Kel Hasan Paşa’nın Vali; Hacı Ali Efendi’nin Belediye Başkanı olduğu Konya'da olmak ister miydiniz?

            Yazılarımı okumak lütfunda bulunanları, ben, ‘Gıyabi Dostlarım’ kabul ederim. Bu dostluğa güvenerek, eğer kabul ederseniz; sizi 166 yıl önceki ‘Gonya’ya götüreceğim. Aklınızda bulunsun. Şimdiki Konya’da değiliz; 166 yıl önceki, 1850 Konyası’ndayız.

            KENDİ GELMEDEN ÜNÜ GELDİ KONYA’YA, HIŞIM GİBİ…

            1850 yazındayız. Sizinle yan yana düşmüşüz yollara… Kızgın tozlar ayak bileklerimize çıkıyor; kenarlardan, "Arnavut kaldırımı" taşlarından seke seke yürüyoruz. Meramımız 'İhtisabın altı'ndan birer okka ‘piynir'le, birer çömlek 'Koyun yoğurdu' alıp eve dönmek.

            Tetikteyiz… 'Tokatlı Kel Hasan Paşa' Konya Valisi… Askerlik mesleğine intisab ettikten sonra, Vezirlik payesi ile Konya Valiliğine tayin edildi. 1847’den beri, zebani gibi şehrin üstünde… Zaten, kendisi Konya’ya gelmeden önce ünü 'hışım gibi' Konya’ya gelmişti…

            Konya’da, 'Derebeyi’ geçinenler çoğalmıştı; 'Mütegallibe’nin astığı astık kestiği kestikti. Şirret takımının şerrinden mazlum insanlar Allah’a sığınmıştı.

            'Kel Hasan Paşa', "şerir’lerin anladığı dili biliyordu. Şiddetle üstlerine gitti; "devletin otoritesi’’ni kurdu.

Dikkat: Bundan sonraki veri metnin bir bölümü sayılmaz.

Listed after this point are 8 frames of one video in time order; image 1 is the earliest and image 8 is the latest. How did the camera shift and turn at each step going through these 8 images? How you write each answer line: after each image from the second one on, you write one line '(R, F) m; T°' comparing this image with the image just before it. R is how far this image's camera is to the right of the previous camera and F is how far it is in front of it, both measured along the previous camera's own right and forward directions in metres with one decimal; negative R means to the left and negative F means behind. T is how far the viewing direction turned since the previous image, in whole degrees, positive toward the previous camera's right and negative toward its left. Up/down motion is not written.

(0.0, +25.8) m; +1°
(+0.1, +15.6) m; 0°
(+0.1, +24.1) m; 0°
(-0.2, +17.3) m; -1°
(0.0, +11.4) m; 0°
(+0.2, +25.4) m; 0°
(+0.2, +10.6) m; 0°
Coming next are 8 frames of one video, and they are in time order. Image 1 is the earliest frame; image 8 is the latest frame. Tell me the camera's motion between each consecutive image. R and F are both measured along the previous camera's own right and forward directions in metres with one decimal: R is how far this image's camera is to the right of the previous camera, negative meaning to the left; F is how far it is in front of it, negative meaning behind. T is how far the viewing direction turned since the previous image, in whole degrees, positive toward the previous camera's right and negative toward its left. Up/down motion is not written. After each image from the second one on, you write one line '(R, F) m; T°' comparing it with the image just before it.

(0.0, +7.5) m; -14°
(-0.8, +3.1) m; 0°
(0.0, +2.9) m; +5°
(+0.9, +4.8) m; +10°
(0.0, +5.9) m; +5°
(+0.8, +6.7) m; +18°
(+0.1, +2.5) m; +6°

            ‘Tuluk piyniri’mizi, ‘Goyun yoğurdu’muzu, ‘Peygamber Bazarlığı’ yaparak alıyoruz; bir ayak evvel mahallemize dönmek istiyoruz. Konya Çarşı’sında esnaf diken üstünde; iki de bir etrafında bakınıyorlar; 'Vali Kel Hasan Paşa' bir yerlerden çıkıverir mi? diye…

            Geçenlerde ne olmuş bilir misiniz?

            'Vali Kel Hasan Paşa' çarşıda esnafı teftiş ederken bir dükkânın önünde kocaman bir yığın kavun görmüş. Kavunların hepsi elpimiş, çürük. Çağırtmış kavuncuyu, ortaya 'hoyuk gibi' dikmiş; bütün kavunları tek tek kafasında parçalamış… Sıkıysa Çarşı’da çürük bir şey sat gayri…       

            Dün de, 'Fırıncı Hacı Kadir’in fırınının önünden geçerken; 'Kel Hasan Paşa' ekmeklerden şöyle bir tadayım, demiş… Ama hepsi hamur, çiğ, pişmemiş, yenmez. Fırıncı Hacı Kadir’e "Gel buraya’’ demiş; "Hamur ekmekleri önce sen ye, nasılmış bir göreyim’’ ağzına tek tek dıkmış, hamur ekmekleri.

            Birisi de ‘yalancı şahitlik’ yapmış; Kel Hasan Paşa’ya şikâyet edilmiş. Çağırmışlar adamı; yalancı şahitliğini yüzüne vurmuşlar; adam Vali’nin huzurunda suçunu kabul etmiş. Vali, getirttiği çivit boyası ile yalancı şahidin yüzünü boyatmış; ibret-i âlem için sokak sokak dolaştırmış.

***

            Hacı Ali Efendi

            1905 – 1908/ 1912 - 1914

            Hacı Ali Efendi 2 kez Konya Belediye Başkanlığı görevine getirilmiştir. 1.si FAİK BEY’in Konya Valiliği dönemine rastlamaktadır. Hacı Ali Efendi zamanında Konya Sanat Okulunda bir Bando kıtası kurulmuş, bu kuruluş İstiklal Savaşı coşkusunun yaratılmasında büyük rol oynamıştır.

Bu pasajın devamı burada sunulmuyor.